Diz a fonte ser inédito. O longo tempo decorrido desde a passagem do escritor (morto pela tuberculose em 1904), penso me exime de culpa por eventuais copirraites, portanto arrisco.
O Sérvio, meu Pai e Saudade.
Por 700 rublos, observe meu atento ouvinte, vendeu-me o sérvio para uma nobre russa. Nasceu meu filho Mihail, já livre. Sua irmã Alexandra não, preciso de dinheiro para comprá-la à nobre senhora, nossa dona. De boa alma, menos exigente. Vê em meu menino, atento na escola de Taganrog, aqui próximo ao fascinante Mar de Azov, possibilidades de ser alguém.
Talvez médico?
Progride bem o pequeno, ouro sem donos. Me contenho porém nos elogios; quero relatar de Alexandra, adorável filha. Ainda escrava, veio como presente, adereço ao pago, eu, o pai escravo.
Dedica-se a todos, até a quem a escraviza, com devoção. Deseja o bem, sem reciprocidades. Insiste na bondade, a ponto desarma as criadas Yakovlevna e Blyadischa com seu sorriso, mesmo nas adversidades.
Criaturas menos felizes, Alex, como a apelidei, as perdoa. Sabe de suas origens, escravas e libertas, com caros rublos, pelos irmãos. A voz da minha menina é a alegria pela casa, essa ainda um tanto soturna na áurea desde a morte de Selivanov, o esposo alegre e beberrão da senhora nos comprou do sérvio.

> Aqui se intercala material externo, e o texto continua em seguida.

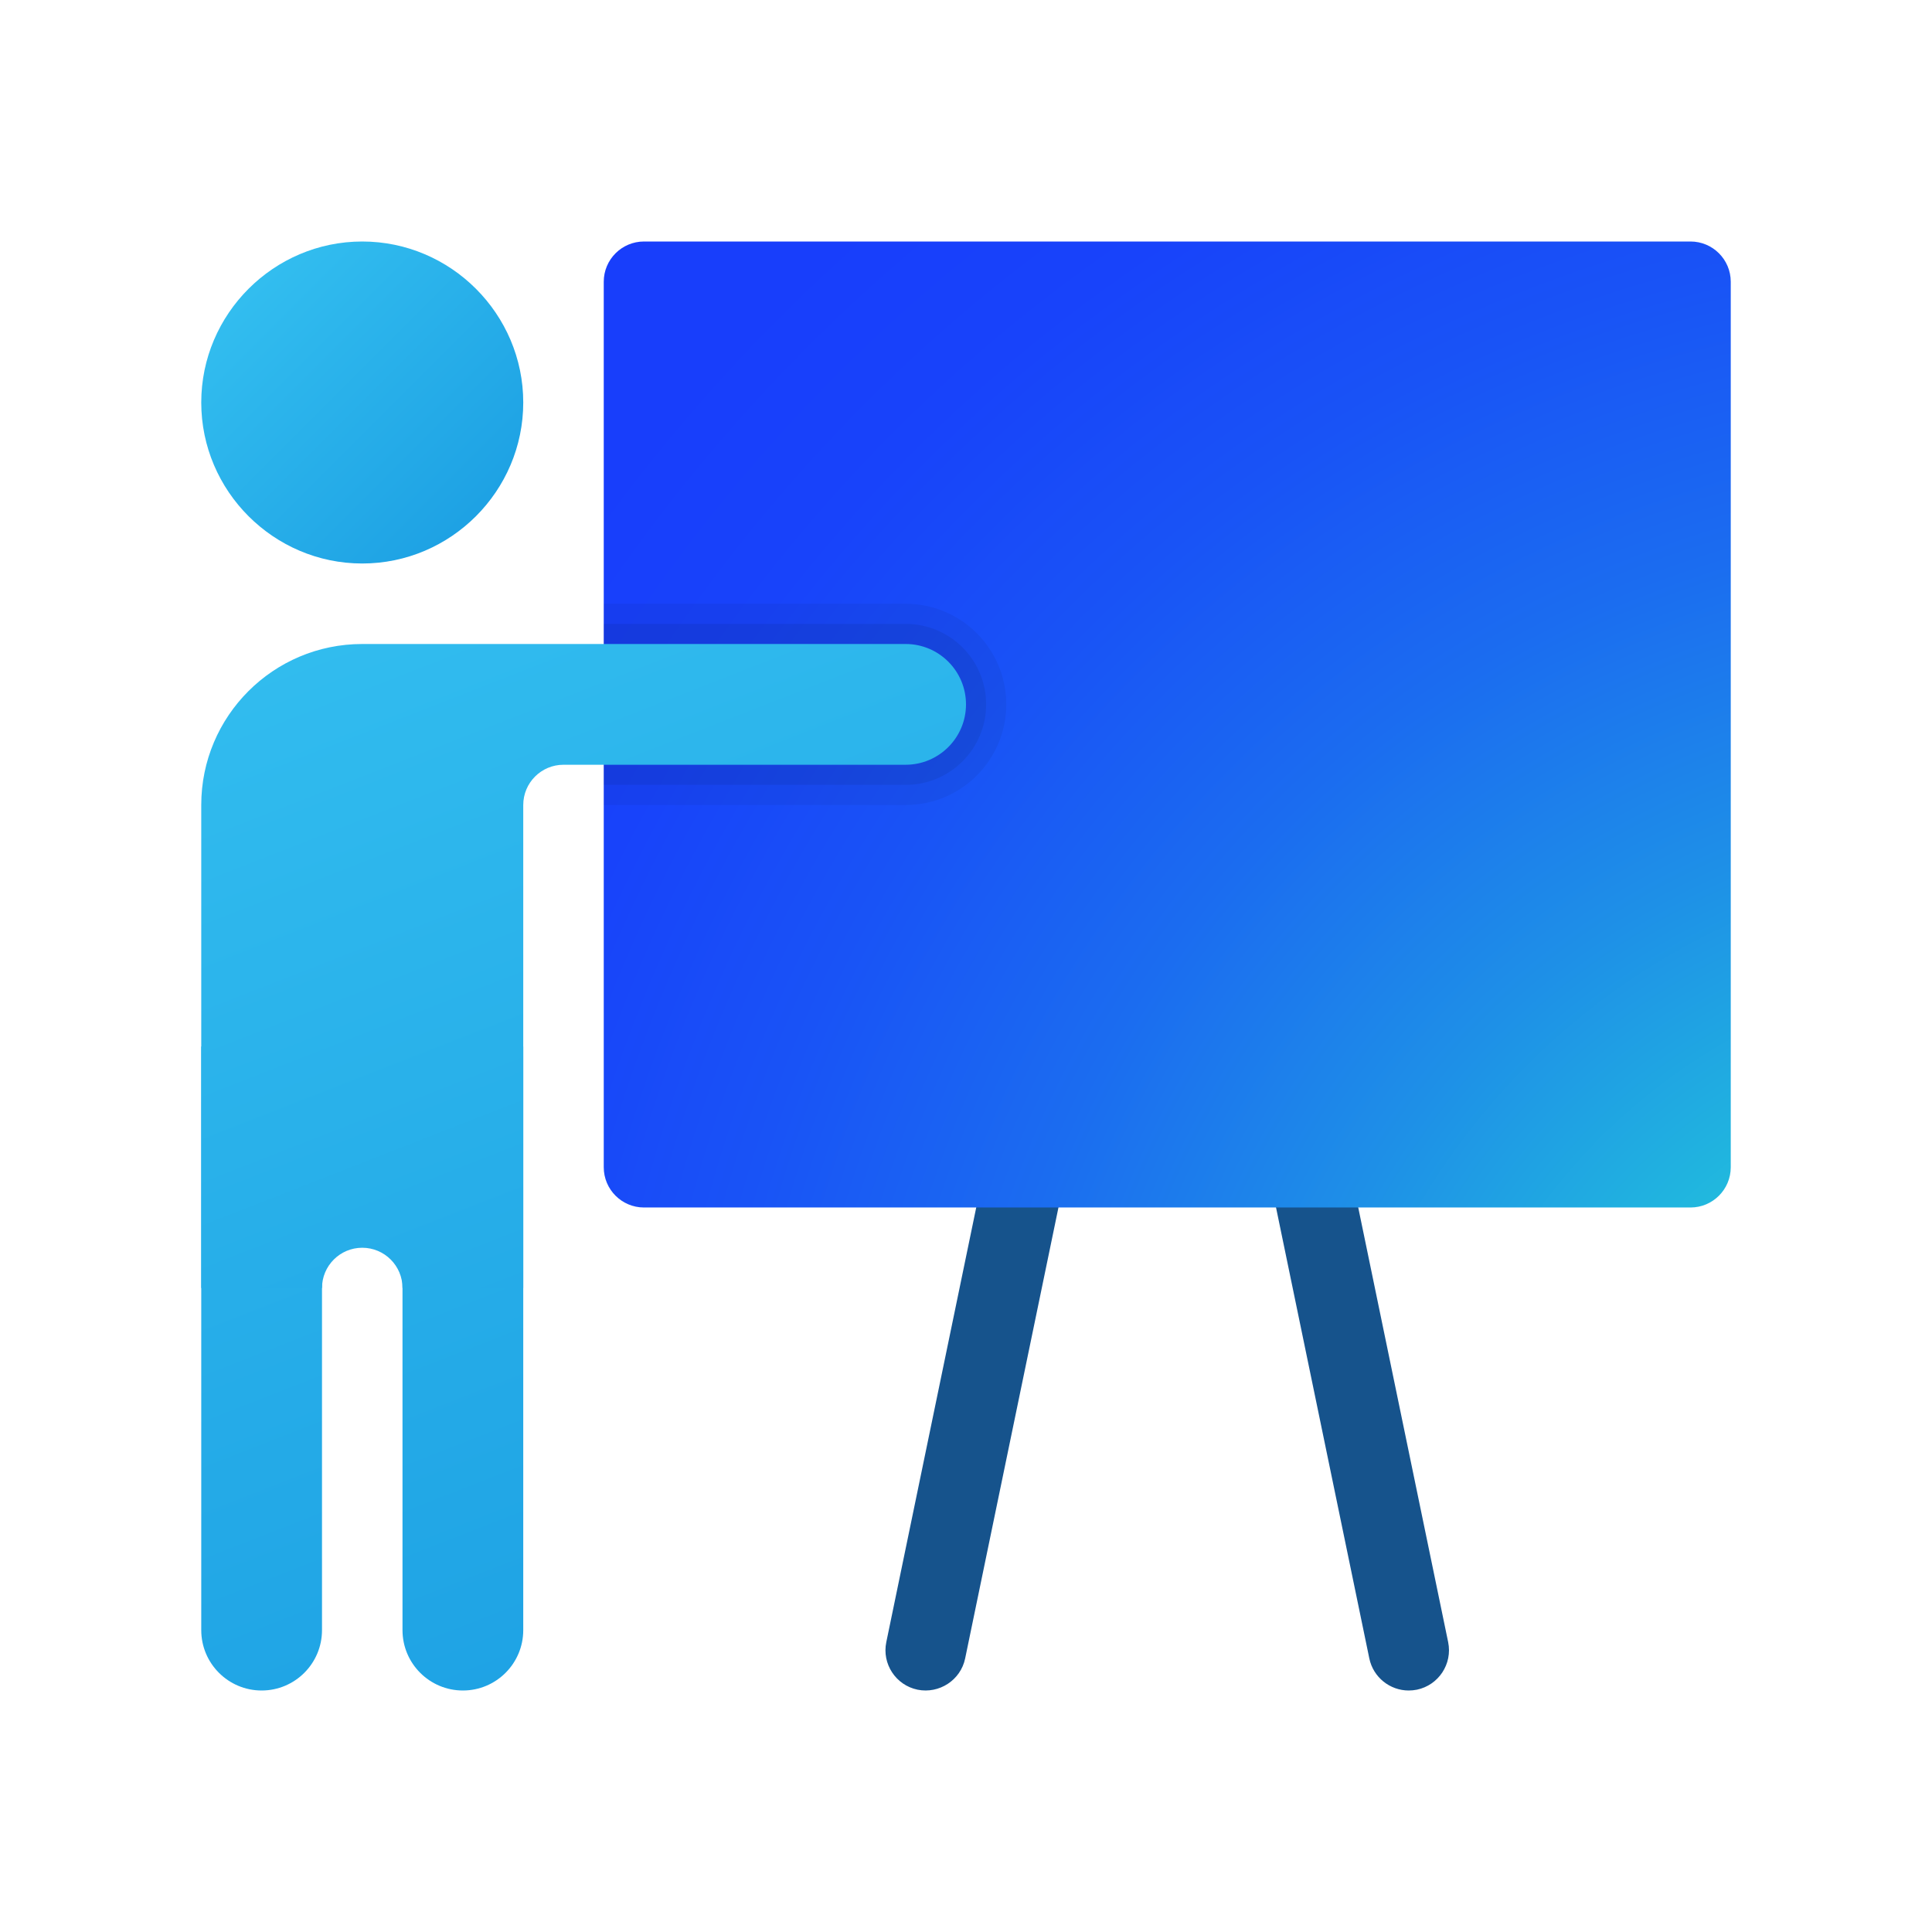 <svg xmlns="http://www.w3.org/2000/svg"  viewBox="0 0 48 48" width="32px" height="32px"><path fill="#16538c" d="M34.999,42c-0.464,0-0.881-0.325-0.979-0.798L29,16.936l-5.021,24.267	c-0.112,0.541-0.645,0.885-1.182,0.777c-0.541-0.112-0.889-0.642-0.777-1.182l6-29C28.117,11.333,28.525,11,29,11	s0.883,0.333,0.979,0.798l6,29c0.111,0.54-0.236,1.069-0.777,1.182C35.135,41.993,35.066,42,34.999,42z"/><radialGradient id="wB_kcA~EcWDGg2nYIKYcIa" cx="50.216" cy="38.712" r="51.161" gradientUnits="userSpaceOnUse"><stop offset=".131" stop-color="#23d9d6"/><stop offset=".214" stop-color="#21bddd"/><stop offset=".364" stop-color="#1e90e7"/><stop offset=".508" stop-color="#1b6cf0"/><stop offset=".642" stop-color="#1953f6"/><stop offset=".764" stop-color="#1843fa"/><stop offset=".862" stop-color="#183efb"/></radialGradient><path fill="url(#wB_kcA~EcWDGg2nYIKYcIa)" d="M42,6H16c-0.552,0-1,0.448-1,1v22c0,0.552,0.448,1,1,1h26c0.552,0,1-0.448,1-1V7	C43,6.448,42.552,6,42,6z"/><path d="M22.5,15c-0.171,0-7.5,0-7.5,0v5c0,0,7.329,0,7.5,0c1.381,0,2.5-1.119,2.5-2.5	C25,16.119,23.881,15,22.5,15z" opacity=".05"/><path d="M22.5,15.5c-0.174,0-7.5,0-7.5,0v4c0,0,7.326,0,7.5,0c1.105,0,2-0.895,2-2	C24.5,16.395,23.605,15.5,22.5,15.5z" opacity=".07"/><linearGradient id="wB_kcA~EcWDGg2nYIKYcIb" x1="6.239" x2="11.739" y1="7.239" y2="12.739" gradientUnits="userSpaceOnUse"><stop offset="0" stop-color="#32bdef"/><stop offset="1" stop-color="#1ea2e4"/></linearGradient><path fill="url(#wB_kcA~EcWDGg2nYIKYcIb)" d="M9,14c-2.2,0-4-1.8-4-4s1.8-4,4-4s4,1.8,4,4S11.2,14,9,14"/><linearGradient id="wB_kcA~EcWDGg2nYIKYcIc" x1="4.42" x2="14.841" y1="15.295" y2="41.933" gradientUnits="userSpaceOnUse"><stop offset="0" stop-color="#32bdef"/><stop offset="1" stop-color="#1ea2e4"/></linearGradient><path fill="url(#wB_kcA~EcWDGg2nYIKYcIc)" d="M13,26h-3v14.5c0,0.828,0.672,1.5,1.5,1.5h0c0.828,0,1.5-0.672,1.5-1.5V26z"/><linearGradient id="wB_kcA~EcWDGg2nYIKYcId" x1=".206" x2="10.627" y1="17.303" y2="43.941" gradientUnits="userSpaceOnUse"><stop offset="0" stop-color="#32bdef"/><stop offset="1" stop-color="#1ea2e4"/></linearGradient><path fill="url(#wB_kcA~EcWDGg2nYIKYcId)" d="M8,26H5v14.5C5,41.328,5.672,42,6.5,42h0C7.328,42,8,41.328,8,40.5V26z"/><linearGradient id="wB_kcA~EcWDGg2nYIKYcIe" x1="10.34" x2="20.105" y1="13.973" y2="38.934" gradientUnits="userSpaceOnUse"><stop offset="0" stop-color="#32bdef"/><stop offset="1" stop-color="#1ea2e4"/></linearGradient><path fill="url(#wB_kcA~EcWDGg2nYIKYcIe)" d="M22.5,16H9c-2.209,0-4,1.791-4,4v12h3c0-0.552,0.448-1,1-1s1,0.448,1,1h3V20	c0-0.552,0.448-1,1-1h8.5c0.828,0,1.5-0.672,1.5-1.5S23.328,16,22.5,16z"/></svg>

Fevereiro. Depois de 8 anos de trabalho e um empréstimo, assim como a generosidade da senhora, comprei minha liberdade. E da minha esposa e Alex. Estamos em Kriebstama, perto dos montes Liev. Alexandra casou, está em Moscou. Estudou, dedica-se muito a isso. Pensa em dar aulas.
Dezembro. Não estou bem, há semanas escondo de minha companheira Ivanova eu estar cuspindo sangue. Foi inverno rigoroso, venta muito em Liev.
Da Capital. Meu pai Anton se foi, estou agora com minha mãe em Moscou. Meu irmão Mihail permanece em Taganrog, é advogado. Casei com um tártaro, bom homem, porém não é grande amor. Sombrio, pessimista, abafa minha alegria de viver. Isso tanto encantava a meu pai, essa nossa alegria. Tenho 3 filhos, todos adultos, porém já distantes. Me faltam.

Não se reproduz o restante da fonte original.